Around a decade ago, George Eksts was digitizing a 19th-century photograph for the Victoria & Albert Museum, in London, when he turned it over and noticed that someone had doodled on the back. The front side showed an image of Kashmiri temple ruins, taken by the photographer Francis Frith. But on the reverse, rotated 90 degrees from the orientation of the photograph, were bizarre pencil portraits of a headless man, as well as a long-beaked creature with human legs.
“There are lots of photographs in the collection, but not many of them have anything on the reverse,” says Eksts, who is also a mixed-media artist. He was baffled, and wondered whether Frith or his children might have created the drawing. “I kind of have a fantasy that he brought his kids around to work one day, and they were sitting around getting bored and just started drawing on stuff.” Frith had five children: Mary Alice, Eustace, Francis Edgar, Mabel, and Cyril.

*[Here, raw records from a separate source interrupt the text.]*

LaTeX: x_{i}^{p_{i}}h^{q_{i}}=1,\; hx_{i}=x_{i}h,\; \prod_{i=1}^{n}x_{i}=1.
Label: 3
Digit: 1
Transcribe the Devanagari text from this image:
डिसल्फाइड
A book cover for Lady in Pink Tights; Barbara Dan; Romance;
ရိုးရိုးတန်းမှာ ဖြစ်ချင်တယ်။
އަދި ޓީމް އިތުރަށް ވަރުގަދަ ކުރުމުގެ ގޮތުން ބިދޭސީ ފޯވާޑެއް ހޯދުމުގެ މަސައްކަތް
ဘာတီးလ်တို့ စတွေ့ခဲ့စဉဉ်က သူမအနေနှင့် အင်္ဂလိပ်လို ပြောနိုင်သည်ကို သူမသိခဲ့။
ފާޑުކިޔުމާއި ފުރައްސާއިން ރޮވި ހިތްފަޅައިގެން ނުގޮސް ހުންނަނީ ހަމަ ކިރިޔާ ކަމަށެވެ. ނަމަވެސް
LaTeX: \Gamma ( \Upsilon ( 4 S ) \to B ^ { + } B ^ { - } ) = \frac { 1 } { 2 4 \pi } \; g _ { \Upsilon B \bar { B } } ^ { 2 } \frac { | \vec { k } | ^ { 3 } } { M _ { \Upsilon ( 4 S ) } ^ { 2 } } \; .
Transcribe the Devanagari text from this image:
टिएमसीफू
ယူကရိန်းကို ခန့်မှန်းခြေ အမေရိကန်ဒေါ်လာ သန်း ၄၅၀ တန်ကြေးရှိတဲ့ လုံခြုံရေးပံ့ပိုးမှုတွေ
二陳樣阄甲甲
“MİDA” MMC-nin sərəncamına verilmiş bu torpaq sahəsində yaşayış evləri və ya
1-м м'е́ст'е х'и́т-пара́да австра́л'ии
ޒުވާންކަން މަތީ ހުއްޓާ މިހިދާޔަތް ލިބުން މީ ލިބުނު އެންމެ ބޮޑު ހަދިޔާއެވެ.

Eksts has now flipped over all 200,000 prints, drawings, paintings, and photographs that he has digitized since the Frith print, and has collected hundreds of verso images. (The term “verso” refers to the back of an artwork, which is normally hidden, and “recto” refers to its public-facing front.) “It wasn’t really a moment where I thought, wow, this is going to be a big project,” Eksts recalls of his first find. “It really just kind of grew organically.” In 2015, he started posting his discoveries on an Instagram account, @_muesum_, which is “museum” spelled backwards. Now he’s compiling a selection for publication by CentreCentre books in early 2021.
Just as Eksts found his first verso doodle by chance, most marginalia, or markings found in the margins, are discovered accidentally. “There’s almost no way around just going out and looking, and seeing what you find,” says Bill Sherman, director of London’s Warburg Institute and a marginalia scholar. “But there’s also the pleasure, as with graffiti spotted out of the corner of your eye in an alley: There’s something really exciting about finding a note for yourself that you didn’t expect to find.”
Among the treasures Eksts has found in the museum’s Word & Image Department are a list of household expenses on the back of a 16th-century Roman engraving, including essentials such as wine, bread, and firewood; shadowy traces left when ink seeped through paper; and even the name “Ron,” lovingly inscribed inside a cartoon heart. “The most surprising ones are when everyday life intrudes into the hermetic world of art,” Eksts says.
The backs of paper artworks are different from the backs of canvas paintings, which tend to have inscriptions left by the artist or stamps related to the art market. Paper is a portable material used for a variety of things completely unrelated to art, making it more likely that the back of a sketch or print would be used for scrap paper. Once, Eksts peeped at the back of a sketch by William Etty, a 19th-century British artist, and realized that the misshapen piece of paper was actually an inside-out envelope. The back showed the artist’s address, residue from a wax seal, and a postmark that could help date the artwork more accurately.
“A lot of people in the past didn’t have the easy access that we have to blank, available paper,” Sherman notes. Paper was more precious a few centuries ago, and marking up the empty spaces of a book or artwork ensured that these notations would be kept. “It’s an archivable blank piece of paper,” Sherman says of the blanks of these paper artworks. Eksts has noticed that older artworks in the V&A’s collection are more likely to feature deliberate verso markings.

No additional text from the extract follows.